Install and export on the NFS server (can be a third host, or one of the two KVM hosts):

sudo apt install -y nfs-kernel-server
sudo mkdir -p /srv/kvm-shared

# Export the directory to the LAN
echo "/srv/kvm-shared 192.168.1.0/24(rw,sync,no_root_squash,no_subtree_check)" | \
    sudo tee -a /etc/exports
sudo exportfs -a
sudo systemctl restart nfs-kernel-server

Mount on both KVM hosts:

sudo apt install -y nfs-common
sudo mkdir -p /var/lib/libvirt/images/shared

# Mount NFS (192.168.1.100 is the NFS server IP)
sudo mount -t nfs 192.168.1.100:/srv/kvm-shared /var/lib/libvirt/images/shared

# Add to /etc/fstab for automatic mount after reboot
echo "192.168.1.100:/srv/kvm-shared /var/lib/libvirt/images/shared nfs defaults,_netdev 0 0" | \
    sudo tee -a /etc/fstab

Create a new VM with its disk placed on the NFS share from the start:

sudo virt-install \
  --name testvm \
  --ram 2048 \
  --vcpus 2 \
  --disk path=/var/lib/libvirt/images/shared/testvm.qcow2,size=20 \
  --os-variant ubuntu22.04 \
  --network bridge=br0 \
  --graphics none \
  --location /var/lib/libvirt/images/ubuntu-22.04-live-server-amd64.iso,kernel=casper/vmlinuz,initrd=casper/initrd

Performing live migration with virsh

Assume the source host is host1 (192.168.1.101) and the destination is host2 (192.168.1.102). The VM named testvm is running on host1.

Migrate over SSH

# Basic syntax
virsh migrate --live testvm qemu+ssh://[email protected]/system

# Add --verbose to see progress
virsh migrate --live --verbose testvm qemu+ssh://[email protected]/system

Migrate over TCP transport (faster on LAN)

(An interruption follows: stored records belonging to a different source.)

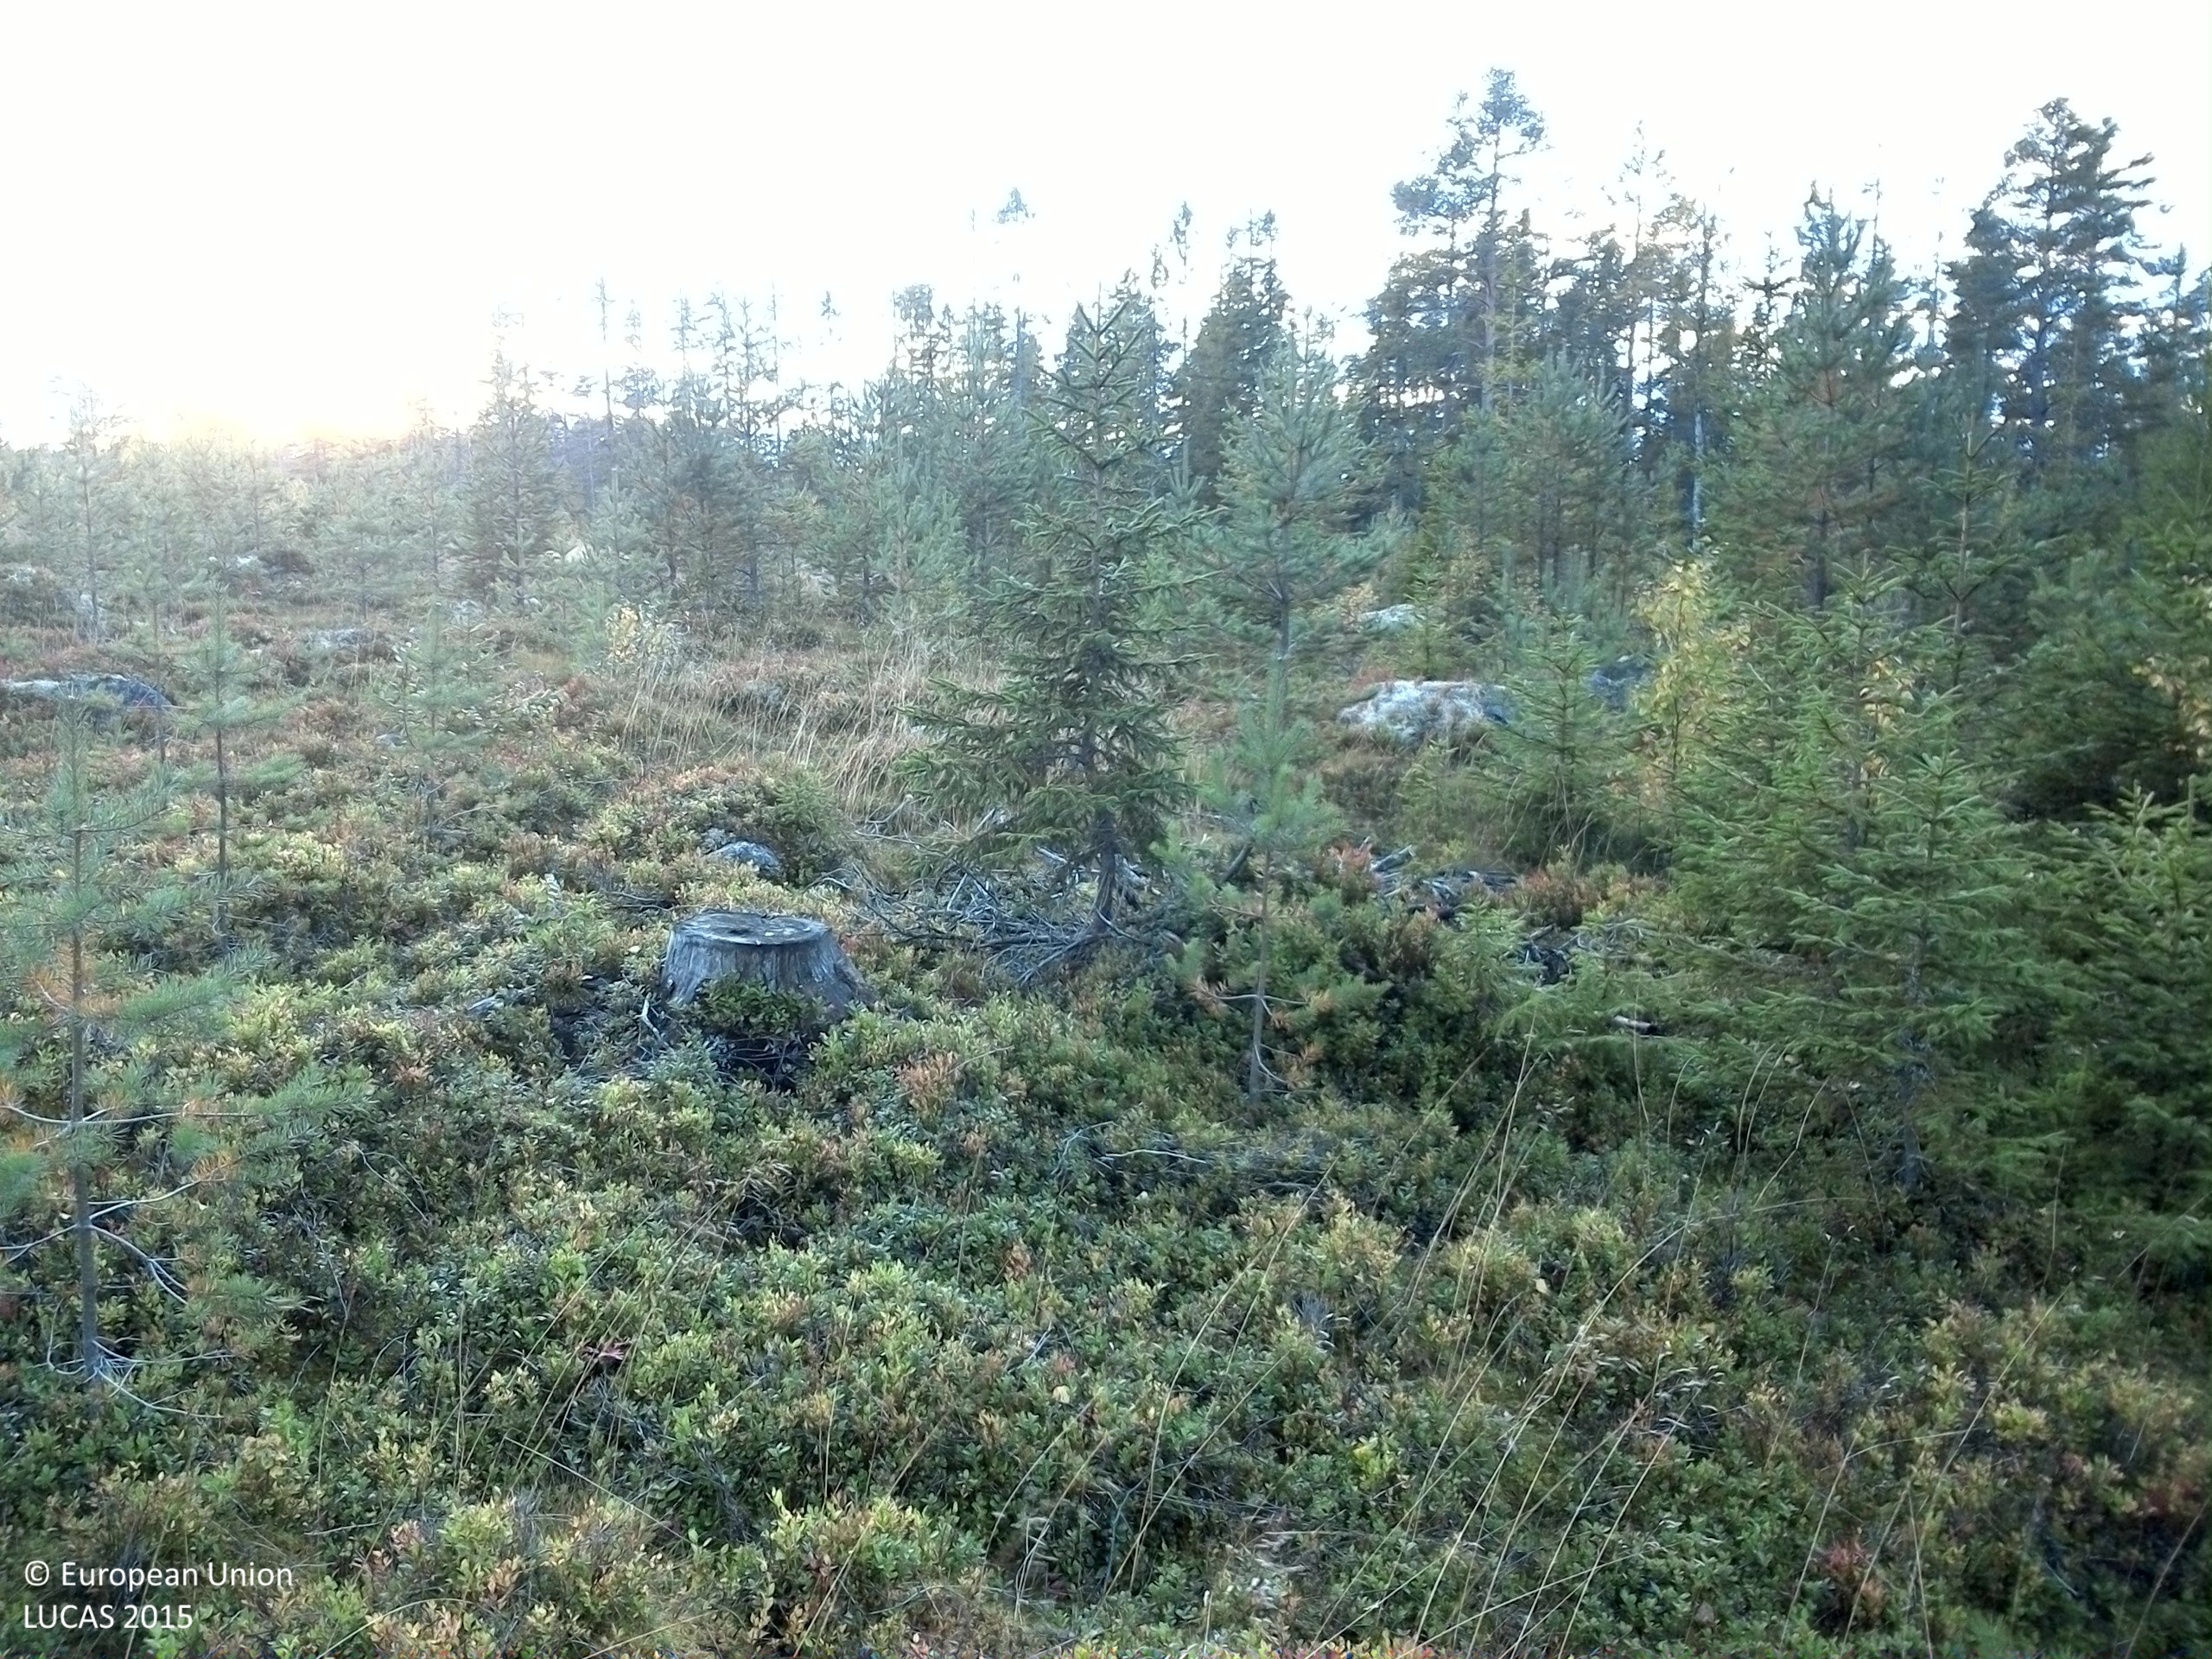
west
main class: Woodland
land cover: Other coniferous woodland
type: boreal forest
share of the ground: 10 - 25 %
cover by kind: shrubs 50 %, coniferous forest trees 25 %, lichens and mosses 20 %, herbaceous plants 5 %
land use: Forestry
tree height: < 5 m
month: September
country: SE
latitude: 61.3982
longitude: 15.3212
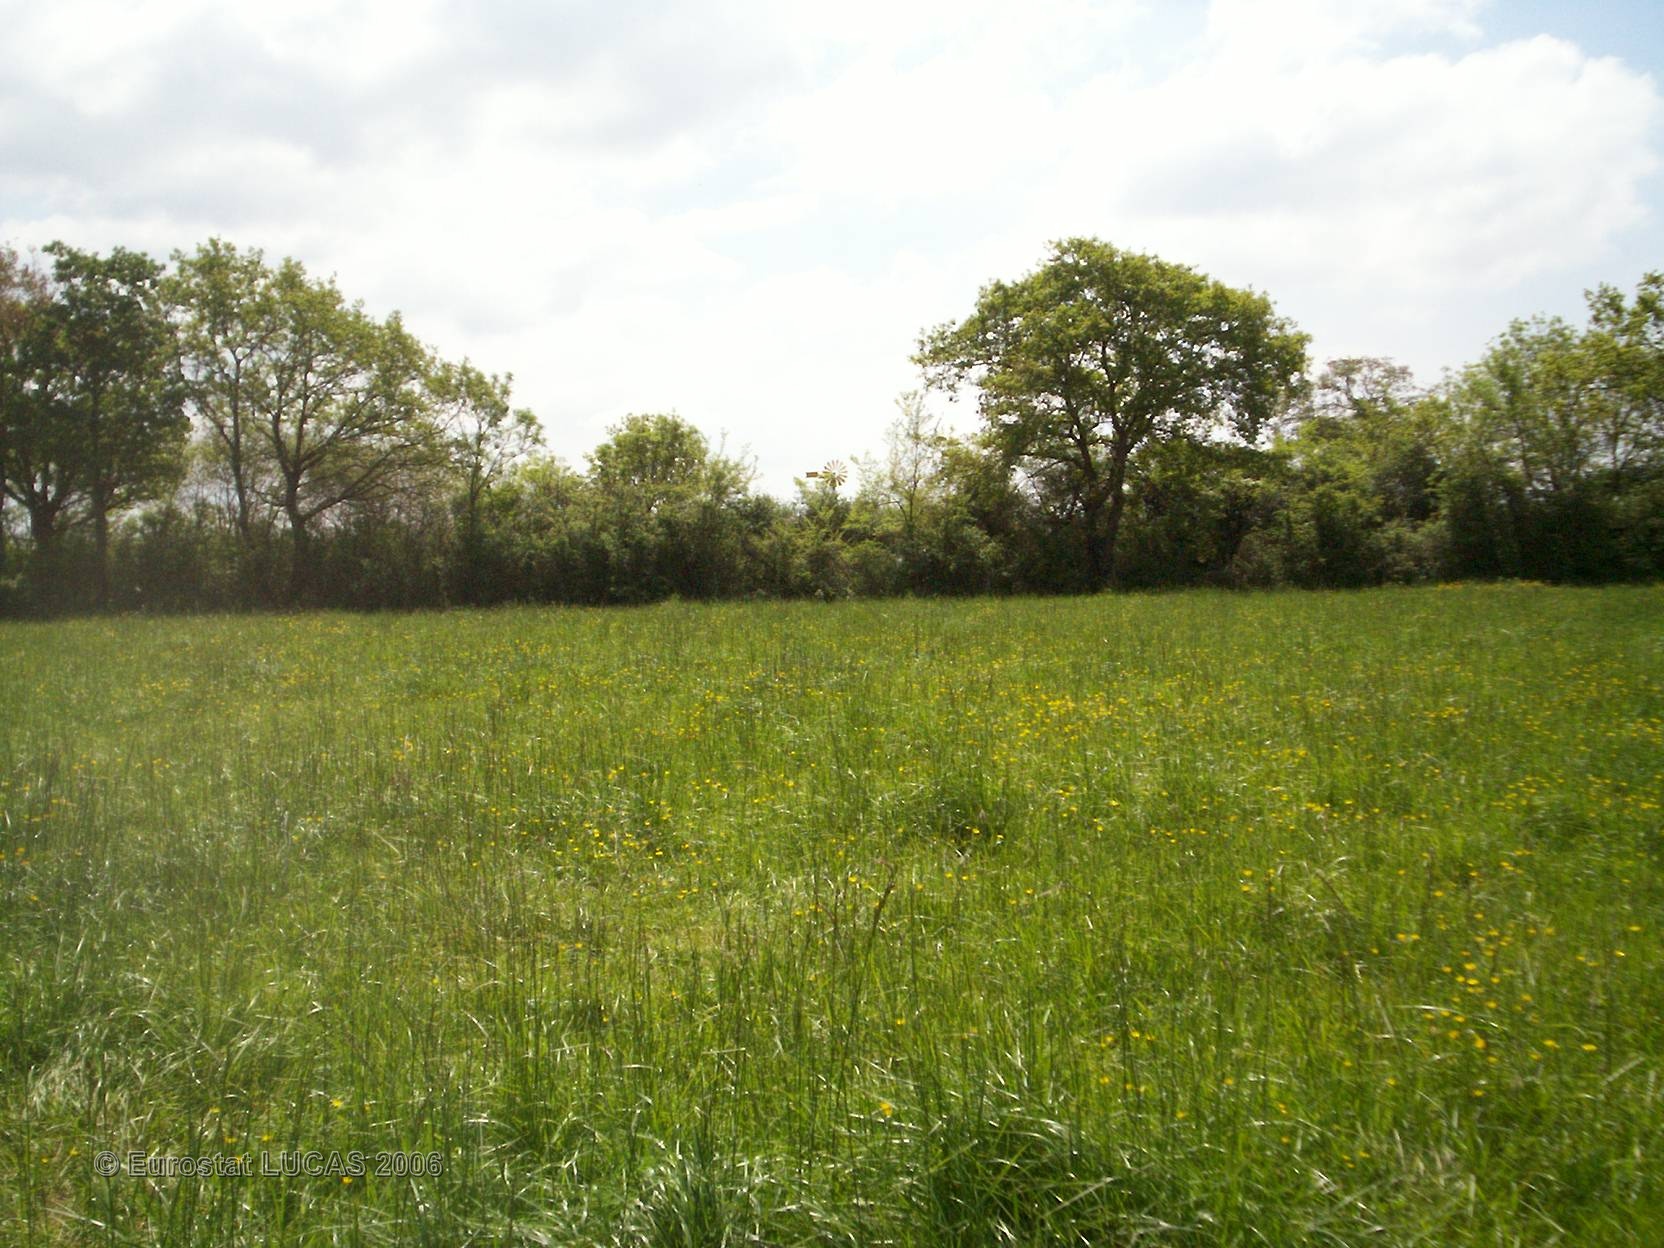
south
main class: Grassland
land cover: Grassland without tree/shrub cover
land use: Agriculture (excluding fallow land and kitchen gardens)
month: May
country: FR
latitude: 47.2436
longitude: -2.1117

virsh migrate --live --verbose \
  testvm \
  qemu+tcp://192.168.1.102/system

Block migration without shared storage

Use --copy-storage-all to transfer the disk as well. A 20GB disk over a gigabit LAN takes roughly 3–5 minutes; the VM stays running but I/O performance will degrade during this period:

virsh migrate --live \
  --copy-storage-all \
  --verbose \
  testvm \
  qemu+ssh://[email protected]/system

Tuning the final downtime window

At the end of migration, the VM must pause for a few milliseconds to sync remaining dirty pages. The default is 300ms — if the VM has a heavy workload, increasing this slightly helps migration complete rather than timing out:

# Allow up to 500ms downtime during the final stage
virsh migrate --live \
  --migrate-setmaxdowntime 500 \
  testvm \
  qemu+ssh://[email protected]/system

Verification and monitoring

Confirm the VM migrated successfully

# On host1 — testvm should no longer be here
virsh list --all

# On host2 — testvm should be running
virsh list --all
# Expected:
# Id   Name     State
# 1    testvm   running

Monitor migration progress in real time

# Run this on the source host while migration is in progress
watch -n 1 "virsh domjobinfo testvm"

# Output will show:
# Job type:         Unbounded
# Time elapsed:     3421 ms
# Data processed:   768 MiB
# Data remaining:   64 MiB
# Memory processed: 768 MiB
# Memory remaining: 64 MiB

Verify network connectivity is uninterrupted

# Get the VM's IP address
virsh domifaddr testvm

# Continuously ping from an external machine while migration runs
ping -i 0.2 <testvm-IP>
# A successful migration should show no more than 1-2 packet losses

Troubleshooting common errors

# View libvirt logs on the source host
sudo tail -f /var/log/libvirt/libvirtd.log

# QEMU log for a specific VM
sudo tail -f /var/log/libvirt/qemu/testvm.log

A few errors I’ve run into while testing in my homelab:

“Unable to allow access for disk path”: The VM disk is on local storage, not NFS. You need to move the disk to the NFS share first (shut down the VM, copy the file, virsh edit to update the path, then start it again).
“authentication failed”: Check that auth_tcp = "none" is set in libvirtd.conf and that you’ve restarted the daemon.
Migration timeout: The VM has a heavy I/O workload generating dirty pages faster than the migration can copy them. Try increasing --migrate-setmaxdowntime or reducing the VM’s load before migrating.
VM loses network after migration: Bridge names differ between the two hosts. Standardizing the bridge network name across both hosts is the definitive fix.